Re: Do not make a compatible squid file system

From: Henrik Nordstrom <hno@dont-contact.us>
Date: Wed, 02 Feb 2000 20:40:41 +0100

wang_daqing wrote:

> I have noticed that in this year bake-off the squid is slowly than
> other product. Although this compare must be unfair.

Perhaps. I haven't looked at the results yet (didn't know the results
was available yet..)

> But Wessels said that squid can do better if there are no
> bottleneck of the filesystem.

A bit. However, to turn Squid into a really high performance proxy more
changes than only the object store is required. There are also very
obvious bottlenecks in the networking and data forwarding.

> Wessels also said they are working on a new filesystem
> but still remaining compatible with the Unix filesystem. I don't
> think it's a good idea. The question is who need it? I mean a new
> filesystem compatible with UNIX filesystem like VFS.

I think you may have misunderstood Duane there.

Squid will continue to have a file based object store as one option in
the foreseeable future, but there will be other options not relying on
having a filesystem or directory structures.
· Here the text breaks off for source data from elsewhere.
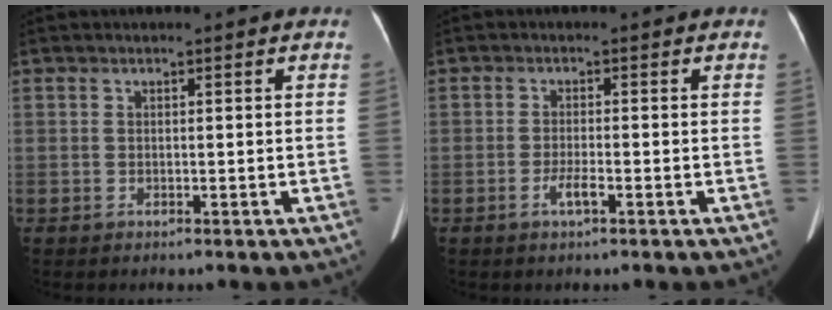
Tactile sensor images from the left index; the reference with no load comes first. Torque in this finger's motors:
{"motor_torque": [-0.01, -0.27, -0.01, 0.00]}
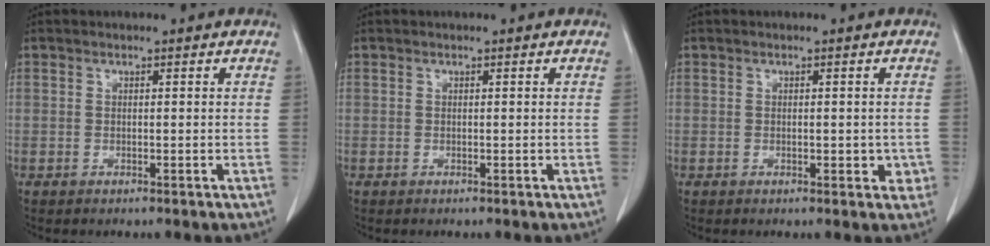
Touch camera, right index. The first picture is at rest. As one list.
[{"total": 0.0}, {"total": 2.6, "force": [-0.4, 1.4, 2.2], "torque": [-0.017, 0.001, -0.003]}]
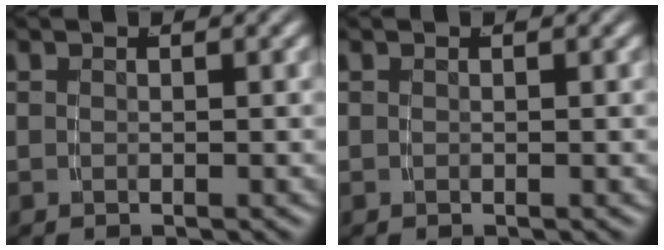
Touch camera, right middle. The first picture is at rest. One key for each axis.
{"total": 0.0}
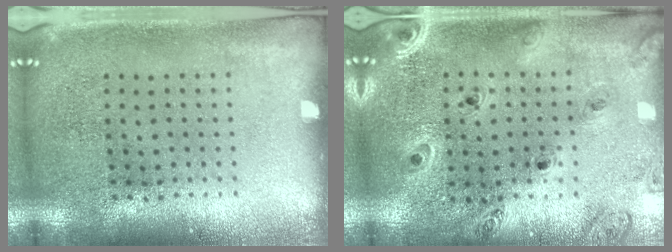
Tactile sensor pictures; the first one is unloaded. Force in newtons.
{"total": 1.3, "press": 1.3, "slide": 0.1}
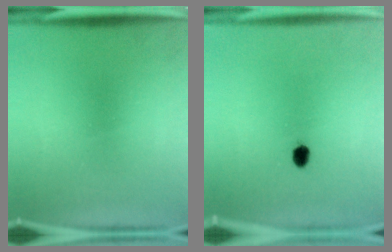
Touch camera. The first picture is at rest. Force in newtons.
{"total": 2.1}

We are not talking about implementing a new filesystem in the kernel,
only to allow Squid to use other storage methods than a normal
filesystem.

> In my opinion, I think the best way is to create a Cache Object
> Storage System or called "Hash File System" directly on device file.
> (Although it's still a filesystem, but not similar to any existing
> filesystem)

What makes you say that it isn't similar to any existing filesystem? In
the lower layers of the UFS family of filesystems the file is named by
it's inode which is an abstract number. The directories and filenames is
a way to index the inodes

> A cache storage system behavior is very different with normal
> filesystem. First, it did not need a file name or URL to open a
> cached object. Currently you use MD5 hash key (although I think so
> complex method is not necessary). So you don't need normal directory
> structure or directory tree.

Agreed.

> Just seek the directory item position by the hash key.
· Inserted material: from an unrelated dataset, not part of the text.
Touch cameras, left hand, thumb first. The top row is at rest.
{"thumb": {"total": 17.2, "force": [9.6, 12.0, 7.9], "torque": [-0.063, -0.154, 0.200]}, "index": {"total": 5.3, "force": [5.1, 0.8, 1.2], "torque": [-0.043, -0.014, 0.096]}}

Or any other key the object is stored by. As you say other naming shemes
are possible than using the MD5 hash. For Squid it may actually be
required as a number of objects can exists for the same MD5 hash (when a
object gets replaced with a newer one while there are readers for the
older version).

> Secondary, before you save the cache object to disk, most time
> you know the file size already, so you can allocate the disk block
> as continuous as possible.

Agreed. This is being worked on (done).

> There will be less pieces in disk. You don't need a i-node for
> files, just use a pointer to data and a flag (indicate whether
> store in one piece), if it stores in several pieces, add a node
> table just before the file (cache object) to point rest pieces.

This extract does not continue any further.